Types and performance of power batteries Lead-acid batteries
Lead-acid batteries were invented by R.G. Plante in 1859 and were the earliest batteries to be used. The plante battery uses two lead plates as electrodes, which are placed in a sulfuric acid solution for electrolysis. By constantly changing the direction of the electrolysis current, the storage capacity of the lead plates gradually increases, but the specific energy of the battery is very low.
Traditional lead-acid batteries have two main disadvantages: first, they need to be continuously added with water for maintenance during their service life; second, they cannot be placed in any direction because the rich liquid has the risk of acid leakage. After continuous research, in the mid-20th century, gel electrolyte technology and maintenance-free sealing technology were invented: In 1955, the German Sunshine Company first applied gel electrolyte technology to lead-acid batteries and put it on the market. In the mid-1960s, the company developed the Dryfit line of practical colloidal electrolyte sealed lead-acid batteries. In 1968, Desai submitted the first patent describing a gas-sealed lead-acid battery, which was officially published in 1974. In 1972, D. H McLelland and J. L. Devitt of Gates Company in the United States invented the adsorbed ultra-fine glass fiber separator (AGM), which practically solved the problem of compound circulation of oxygen inside the battery and developed a cylindrical AGM type valve-controlled sealing lead. Acid battery (VRLAB), the electrolyte of this battery is adsorbed in the glass fiber separator, and the electrolyte cannot flow freely. Compared with the traditional flooded lead-acid battery (the electrolyte can flow freely), the valve-regulated lead-acid battery is Lean battery. In the following 30 years, VRLAB batteries have developed rapidly and have been widely used in various professional sectors such as electric power, railways, ships, and communications. The emergence of VRLA technology has promoted the development of lead-acid batteries, bringing it into a period of prosperous development.
Lead-acid batteries are the most technologically mature batteries among all chemical power sources. They have the advantages of low price, high safety, good high-current discharge performance, and high battery recovery rate. They have been widely used in electric bicycles, electric motorcycles, communications industries, and electric power. Industrial backup power supply, railway diesel locomotives and other fields. However, due to shortcomings such as low specific energy and insufficient environmental protection, new materials, new structures, and new technologies for lead-acid batteries are still under continuous research, such as corrosion-resistant lead alloy positive electrode grids, foam lead grids, foam carbon grids, and new negative electrodes.
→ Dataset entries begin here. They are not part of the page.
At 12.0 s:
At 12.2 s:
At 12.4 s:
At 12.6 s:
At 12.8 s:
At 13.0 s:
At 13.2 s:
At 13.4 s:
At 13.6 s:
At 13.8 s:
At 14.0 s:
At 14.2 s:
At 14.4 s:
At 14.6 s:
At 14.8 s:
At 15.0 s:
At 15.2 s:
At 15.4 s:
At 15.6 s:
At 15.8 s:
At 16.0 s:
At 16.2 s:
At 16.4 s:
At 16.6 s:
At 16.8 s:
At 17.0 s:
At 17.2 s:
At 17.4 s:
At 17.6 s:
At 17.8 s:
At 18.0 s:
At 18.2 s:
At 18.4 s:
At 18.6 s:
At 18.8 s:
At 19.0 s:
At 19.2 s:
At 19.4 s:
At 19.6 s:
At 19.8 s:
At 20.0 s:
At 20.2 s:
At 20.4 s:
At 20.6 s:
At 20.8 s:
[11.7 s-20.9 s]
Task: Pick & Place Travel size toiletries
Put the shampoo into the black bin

Additives, super lead-acid batteries, etc.
Nickel based battery
Alkaline nickel-based batteries mainly include nickel-cadmium batteries, nickel-zinc batteries and nickel-metal hydride batteries. Among them, nickel-cadmium batteries have been widely used in many fields, but used nickel-cadmium batteries have the risk of cadmium contamination, which greatly limits their application. EU countries have banned the use of nickel-cadmium batteries for power batteries and are basically on the verge of elimination; nickel-zinc batteries When the battery is being charged, the negative electrode zinc is prone to produce dendrites, which can puncture the separator and affect the service life of the battery. In contrast, nickel-metal hydride batteries are the power batteries with the best overall performance. At present, nickel-metal hydride batteries have been widely used in commercial electric vehicles.
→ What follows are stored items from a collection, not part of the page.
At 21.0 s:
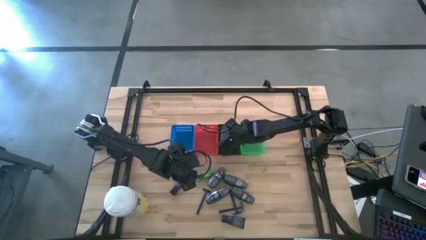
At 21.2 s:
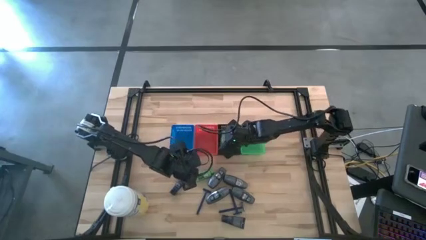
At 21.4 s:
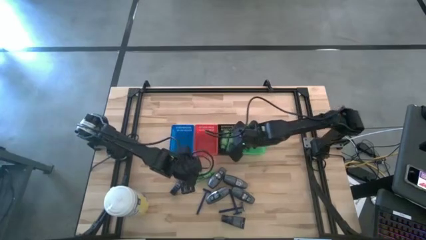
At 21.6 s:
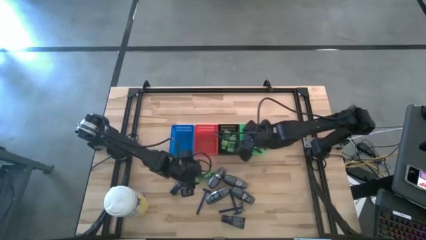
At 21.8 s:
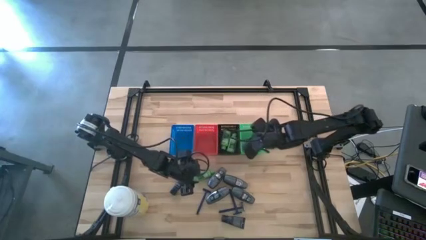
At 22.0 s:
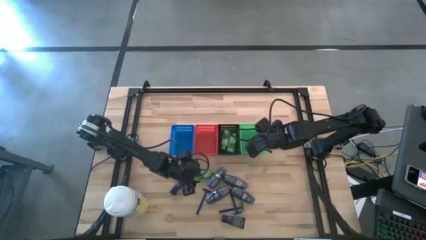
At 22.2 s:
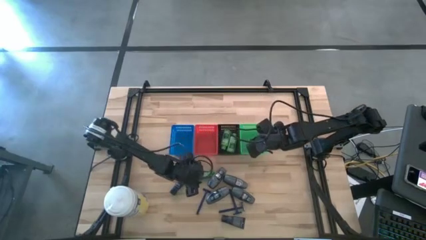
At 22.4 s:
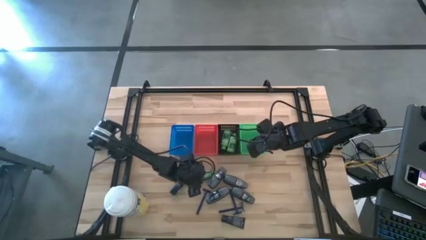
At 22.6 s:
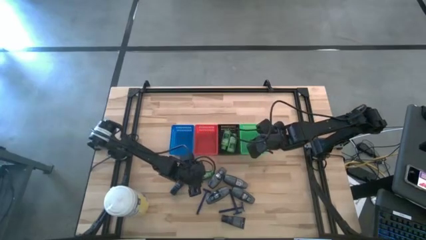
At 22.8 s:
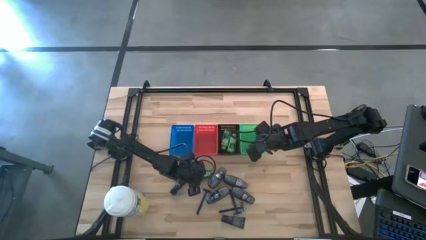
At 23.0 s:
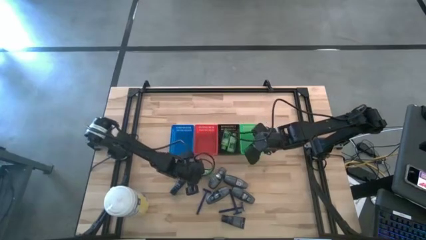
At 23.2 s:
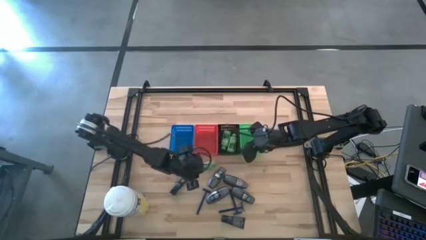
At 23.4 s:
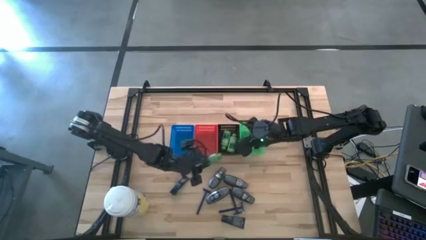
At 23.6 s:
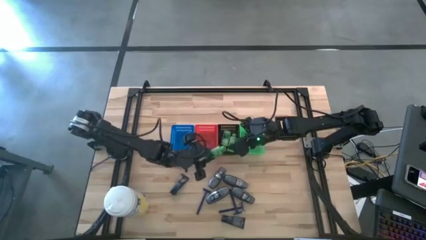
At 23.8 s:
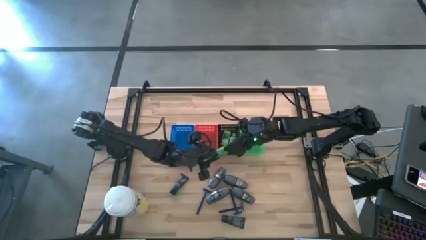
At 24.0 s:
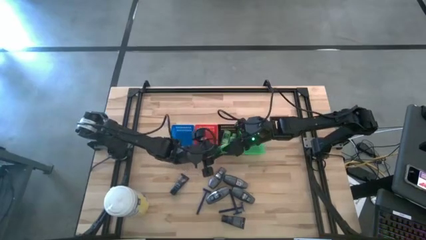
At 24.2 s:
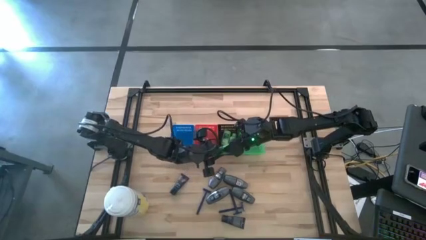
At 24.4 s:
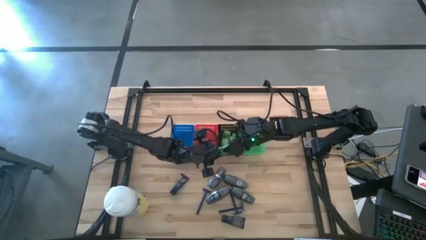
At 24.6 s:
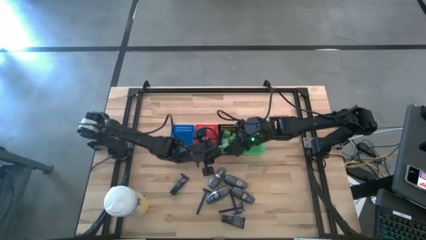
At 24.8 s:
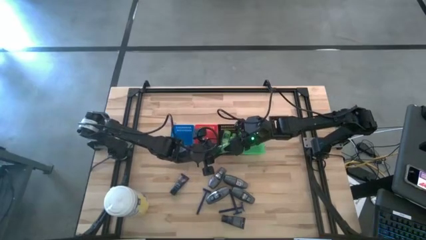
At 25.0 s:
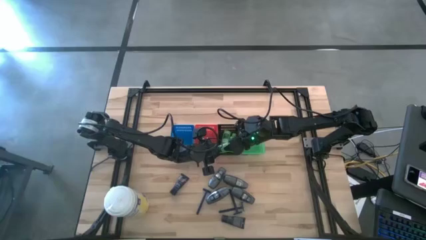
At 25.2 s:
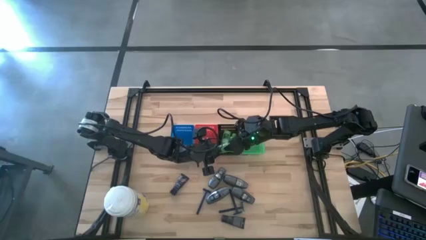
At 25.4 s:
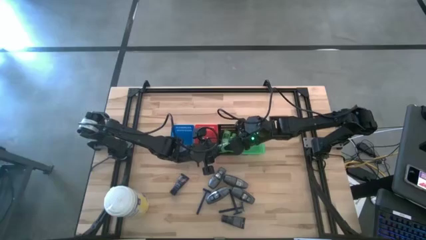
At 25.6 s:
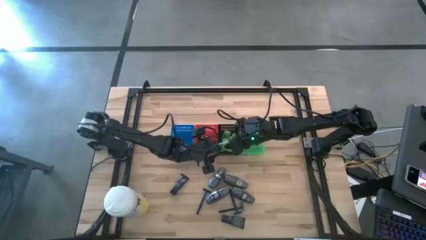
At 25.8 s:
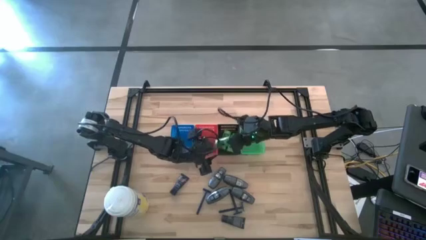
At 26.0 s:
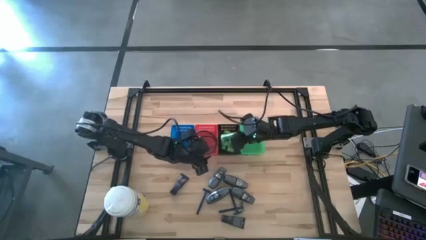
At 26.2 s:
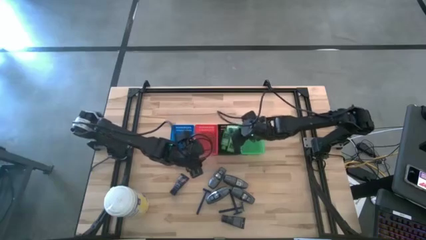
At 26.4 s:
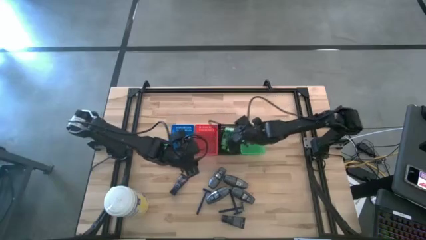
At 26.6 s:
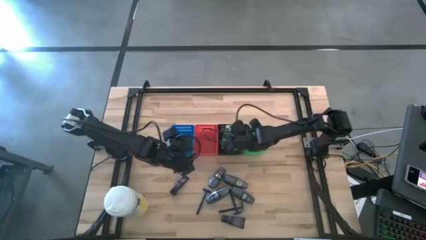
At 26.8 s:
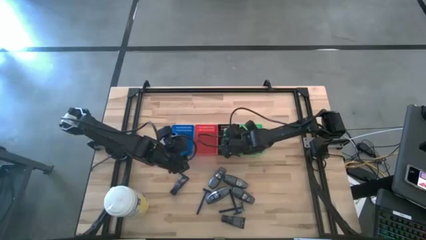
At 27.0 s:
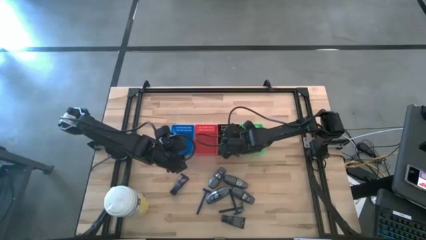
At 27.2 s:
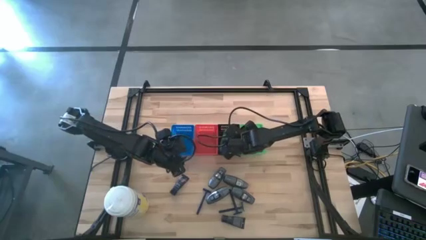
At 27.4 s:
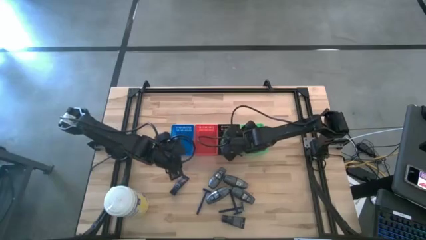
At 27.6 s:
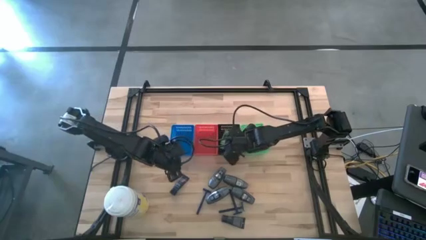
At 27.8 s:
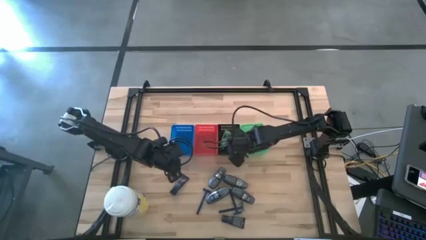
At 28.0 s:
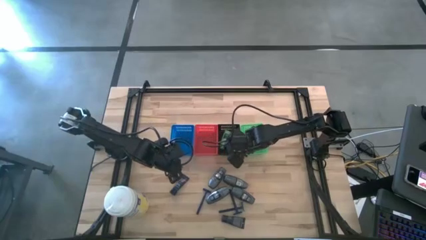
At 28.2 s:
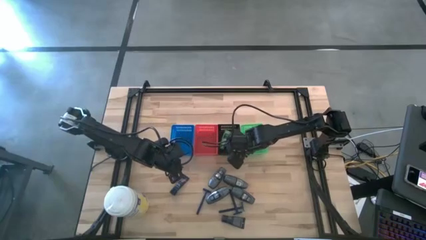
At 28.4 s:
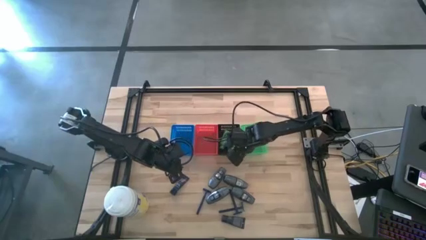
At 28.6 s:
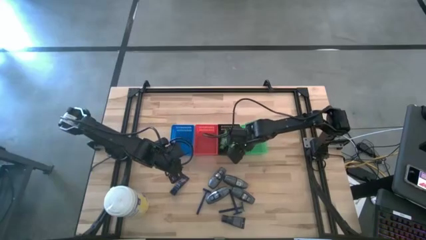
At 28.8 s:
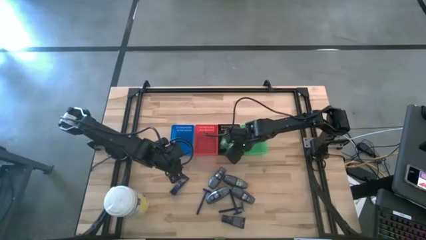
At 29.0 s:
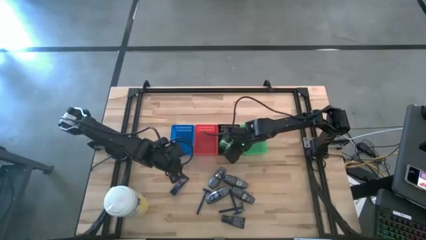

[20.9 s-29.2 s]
Put the shampoo into the black bin

Nickel metal hydride batteries are batteries composed of hydrogen ions and metallic nickel. The positive active material is nickel hydroxide, the negative active material is hydrogen storage alloy, and the electrolyte uses 6M potassium hydroxide solution. Its electrochemical formula can be expressed as:
(-)M/MH︱KOH︱Ni(OH)2/NiOOH(+) When charging, the hydrogen ions (H+) in the KOH electrolyte will be released and absorbed by the hydrogen storage alloy, and the positive electrode will change from Ni(OH)2 into NiOOH and H2O; hydrogen is consumed on the negative electrode during discharge, and the positive electrode changes from NiOOH to Ni(OH)2.
Nickel metal hydride batteries have the characteristics of high specific energy and high specific power. Its specific energy is 3 times higher than that of lead-acid batteries; its specific power is nearly 10 times higher than that of lead-acid batteries. In addition, nickel-metal hydride batteries also have good overcharge and discharge tolerance and thermal performance, so they have high safety and reliability. Fast charging, environmental pollution, and long life are also the advantages of nickel-metal hydride batteries.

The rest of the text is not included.